According to business news outlet Tearsheet, Goldman Sachs quietly hired Justin Schmidt last week. Schmidt, who now serves as vice president of the firm’s securities division and head of digital asset markets, previously held a senior VP post at Seven Eight Capital.

The hiring immediately sparked a renewed debate over whether the bank is launching an OTC cryptocurrency trading desk for institutional clients, but Goldman denies that this is the case — at least right now.

“In response to client interest in various digital products, we are exploring how best to serve them in the space,” the publication cited Tiffany Galvin, a Goldman Sachs spokeswoman, as saying in a Friday statement. “At this point, we have not reached a conclusion on the scope of our digital asset offering.”

Nevertheless, these rumors have circulated since late last year, when Bloomberg first reported that the firm would launch a cryptocurrency trading desk by the end of June 2018. Goldman CEO Lloyd Blankfein has repeatedly denied these reports, though he has left the door open that the bank could make a crypto play in the future.

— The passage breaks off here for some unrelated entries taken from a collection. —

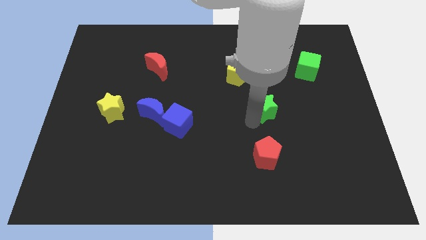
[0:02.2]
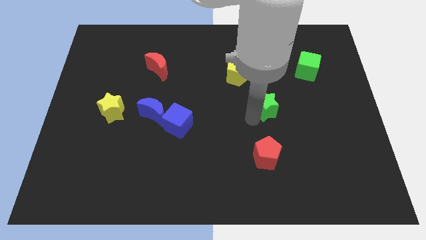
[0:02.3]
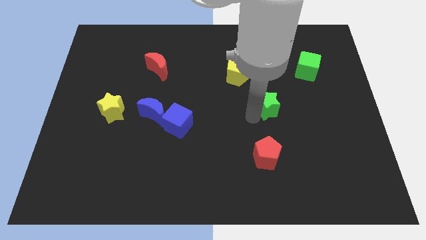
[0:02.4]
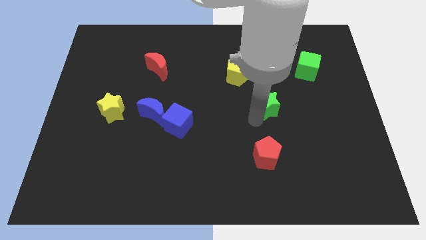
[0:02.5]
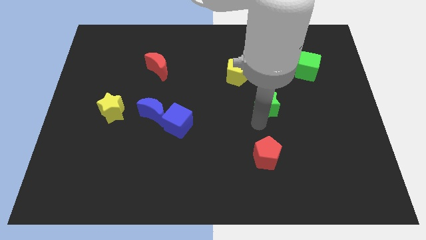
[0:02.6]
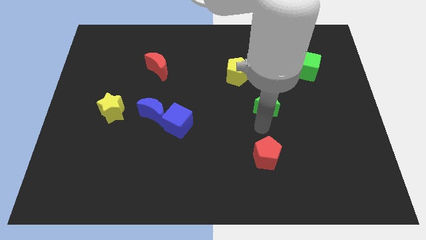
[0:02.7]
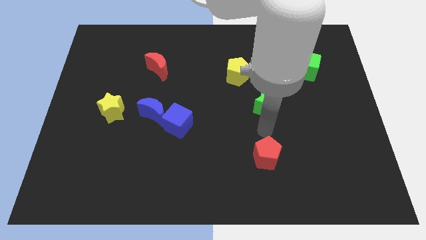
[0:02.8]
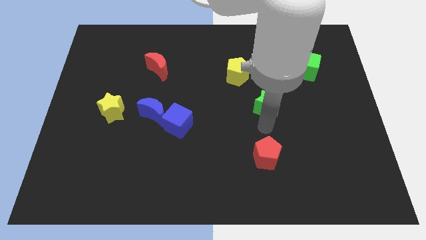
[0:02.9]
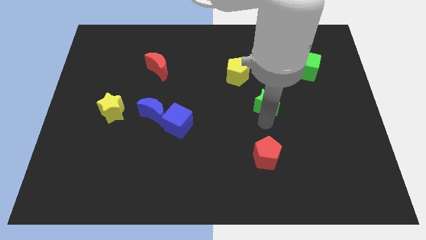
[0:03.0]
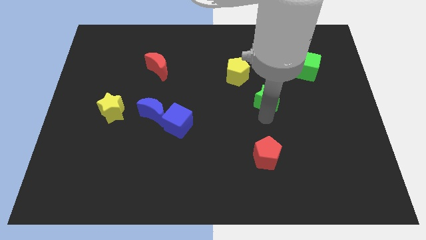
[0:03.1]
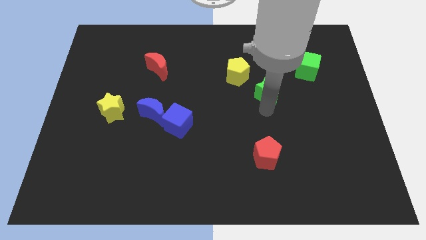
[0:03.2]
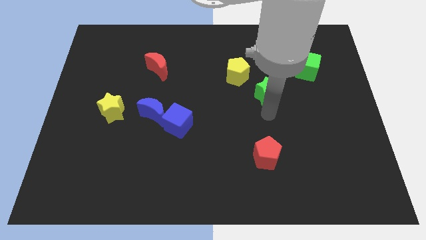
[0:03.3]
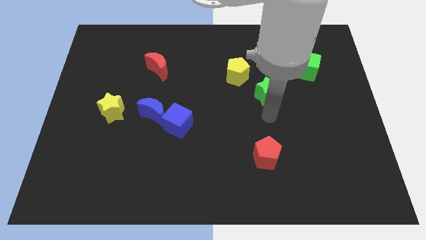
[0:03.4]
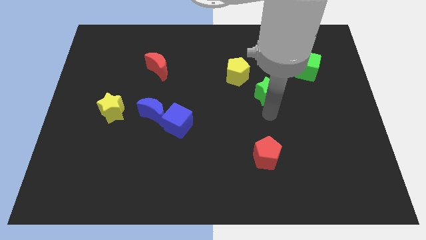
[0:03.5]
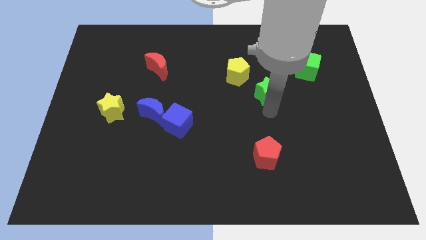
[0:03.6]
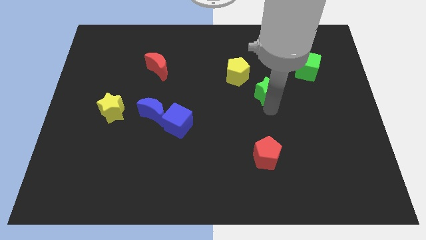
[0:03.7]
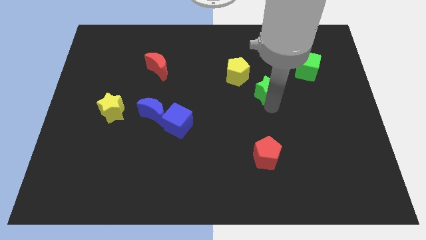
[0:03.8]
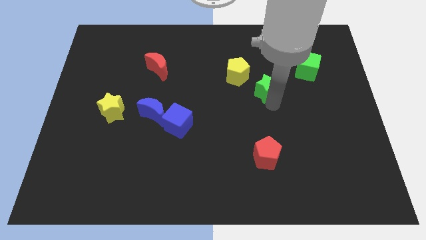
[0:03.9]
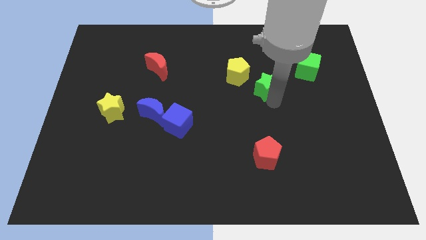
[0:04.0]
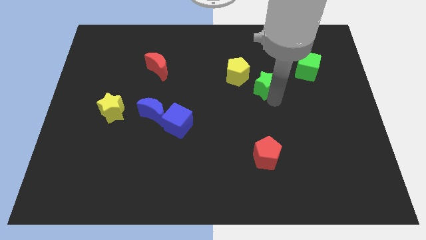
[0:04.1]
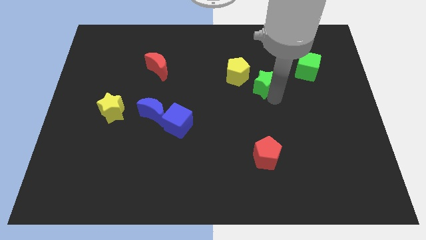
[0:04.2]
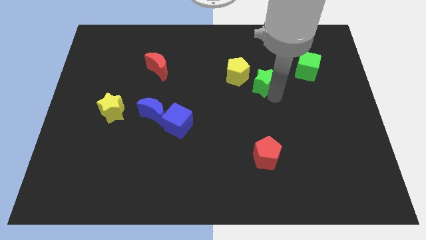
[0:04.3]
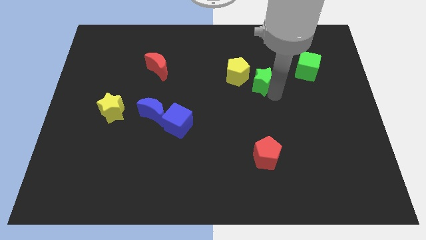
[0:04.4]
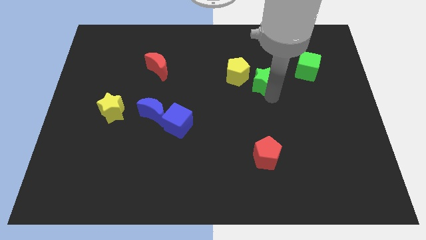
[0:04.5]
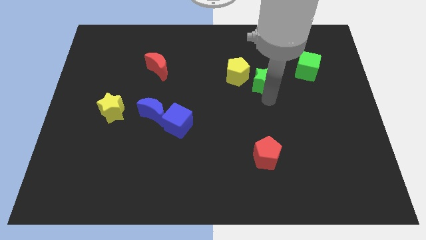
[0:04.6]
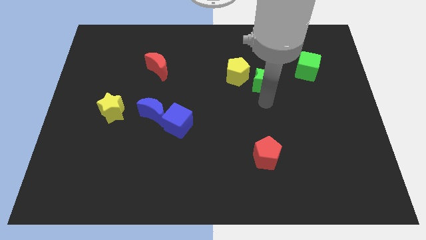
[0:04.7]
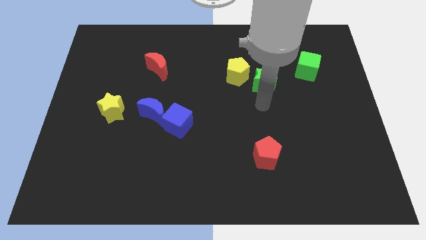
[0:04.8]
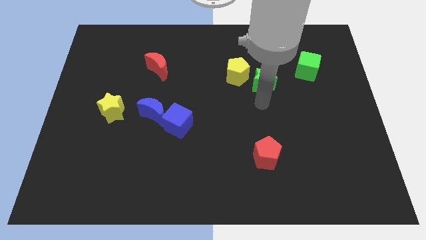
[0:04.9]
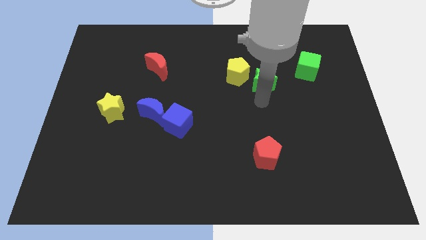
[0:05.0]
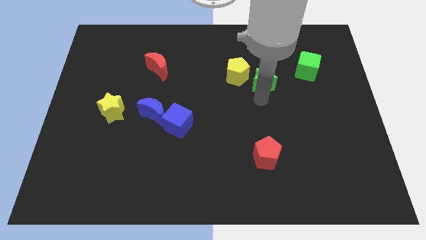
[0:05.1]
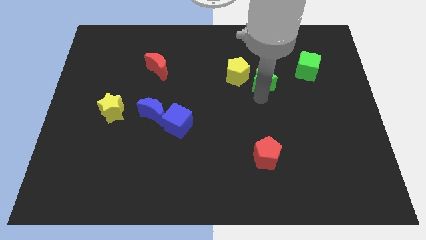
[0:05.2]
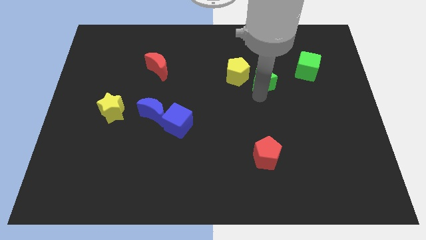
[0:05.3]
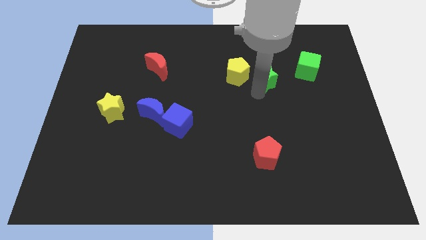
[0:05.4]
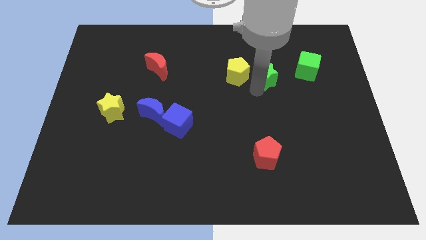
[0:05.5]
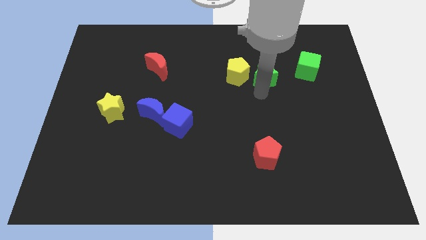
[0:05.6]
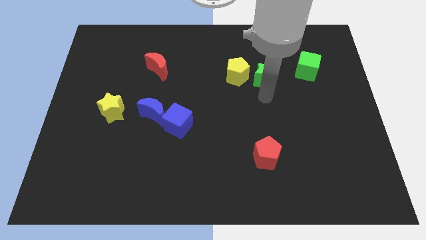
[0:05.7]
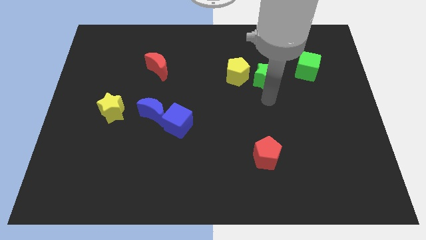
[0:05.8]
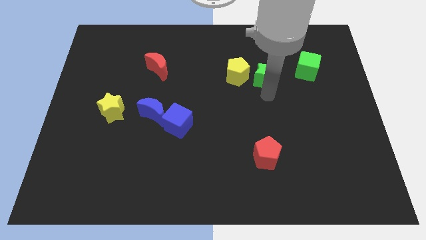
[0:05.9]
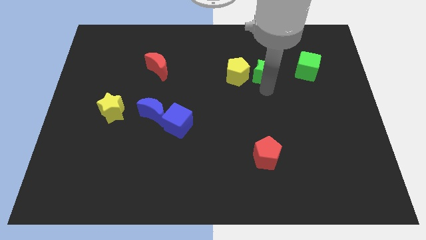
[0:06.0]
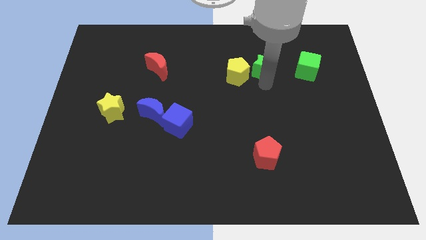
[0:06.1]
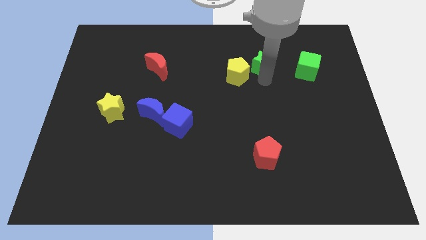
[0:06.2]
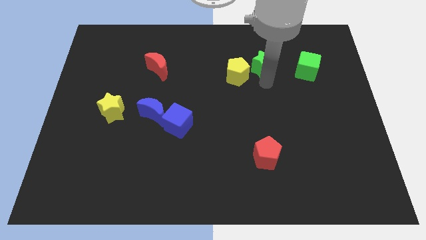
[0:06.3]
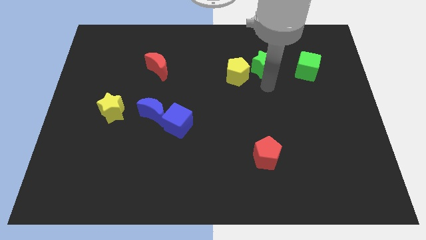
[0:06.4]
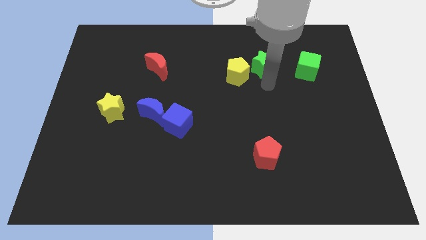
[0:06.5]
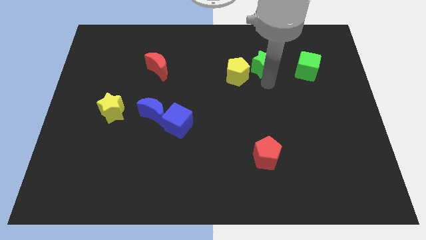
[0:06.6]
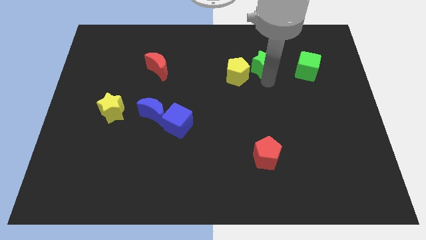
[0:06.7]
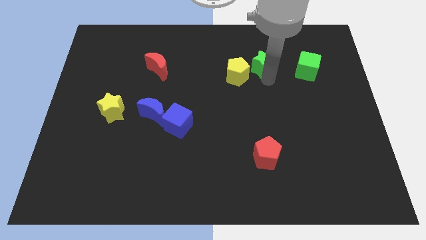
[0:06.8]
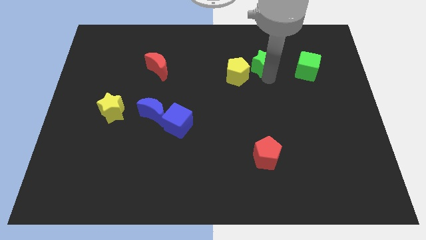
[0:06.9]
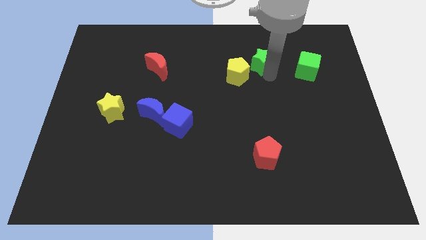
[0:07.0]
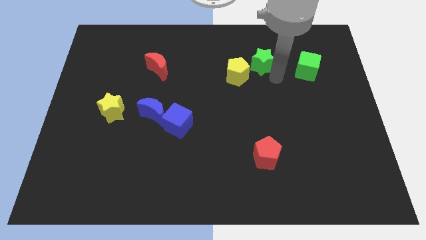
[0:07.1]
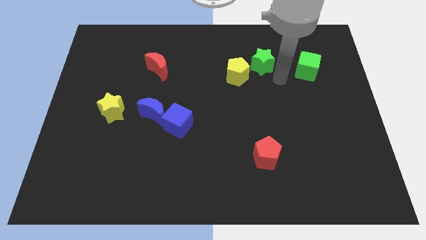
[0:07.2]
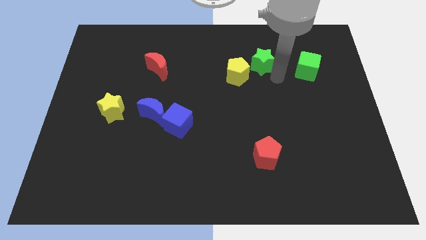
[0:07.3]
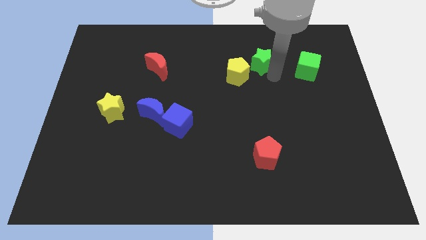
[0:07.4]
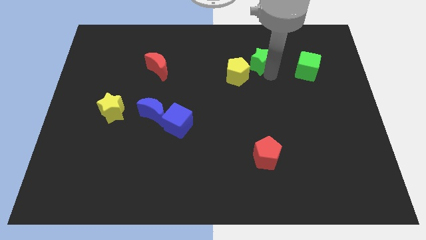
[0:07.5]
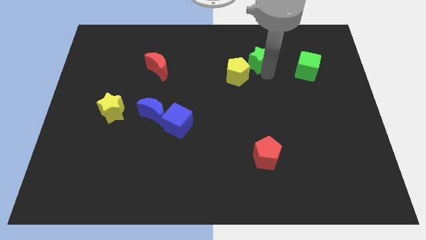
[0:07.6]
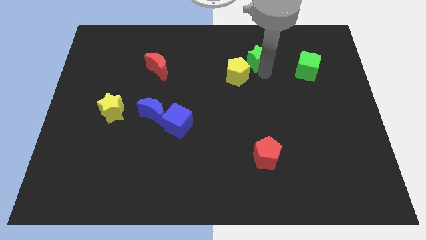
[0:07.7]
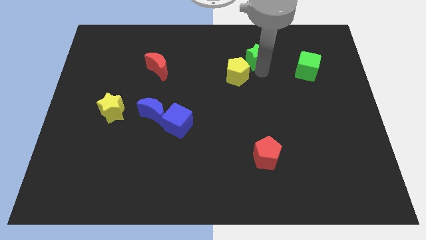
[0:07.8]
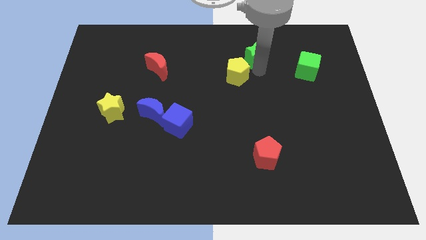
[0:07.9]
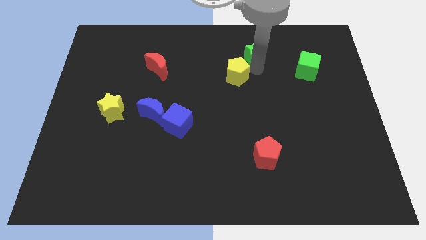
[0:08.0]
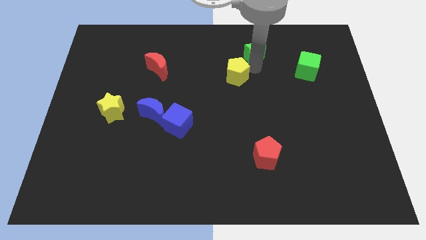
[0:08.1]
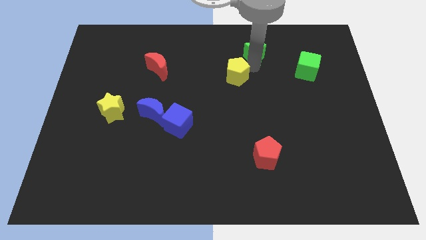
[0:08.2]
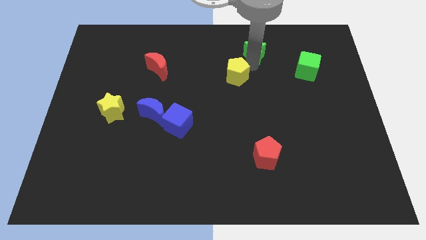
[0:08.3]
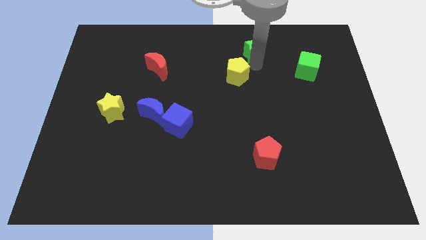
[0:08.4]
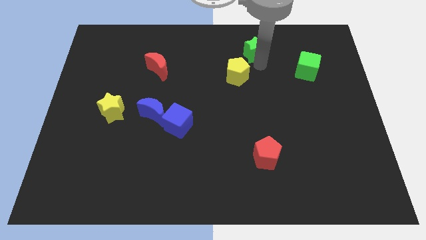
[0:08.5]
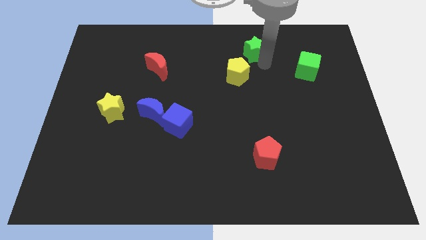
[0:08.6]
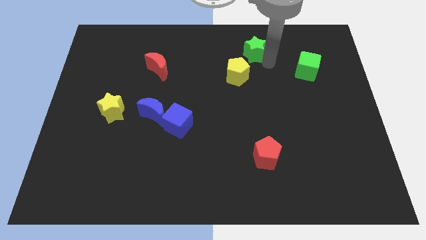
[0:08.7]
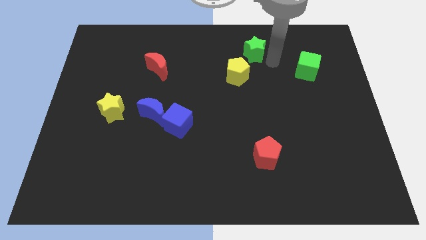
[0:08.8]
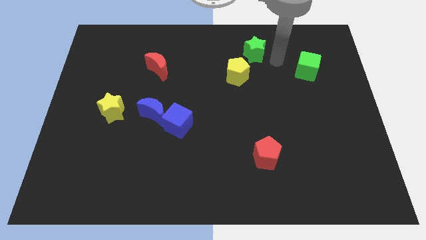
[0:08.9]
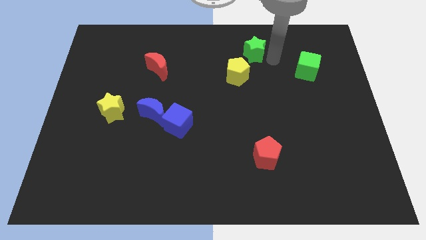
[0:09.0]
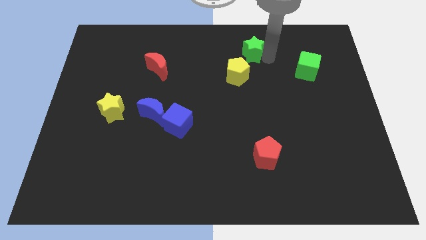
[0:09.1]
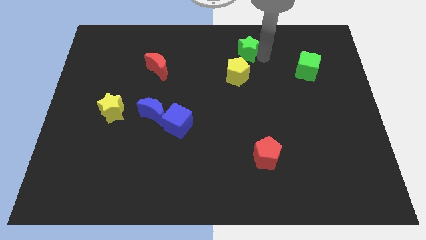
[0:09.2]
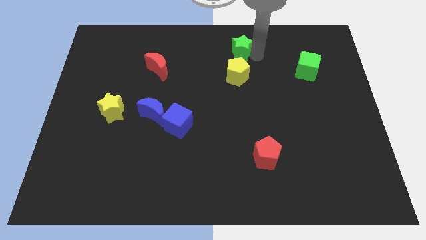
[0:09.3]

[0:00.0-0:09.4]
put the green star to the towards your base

Moreover, sources have reportedly told Business Insider that while Schmidt “will not be trading anything at the firm, including cryptocurrencies,” they also said that he will be exploring a potential trading desk.

Notably, Goldman Sachs already owns a cryptocurrency trading desk — at least indirectly. The firm holds a minority ownership stake in fintech startup Circle, which has launched a range of cryptocurrency products, including an OTC trading desk that processes more than $2 billion in trades per month.

Circle CEO Jeremy Allaire has said that the desk has processed individual trades worth more than $100 million, and the firm has recently doubled its minimum order size to $500,000 from $250,000.

Last week, UK banking giant Barclays acknowledged that it has begun approaching clients to gauge if there is enough interest to justify adding a cryptocurrency trading desk to its range of institutional services.

Featured image from Shutterstock.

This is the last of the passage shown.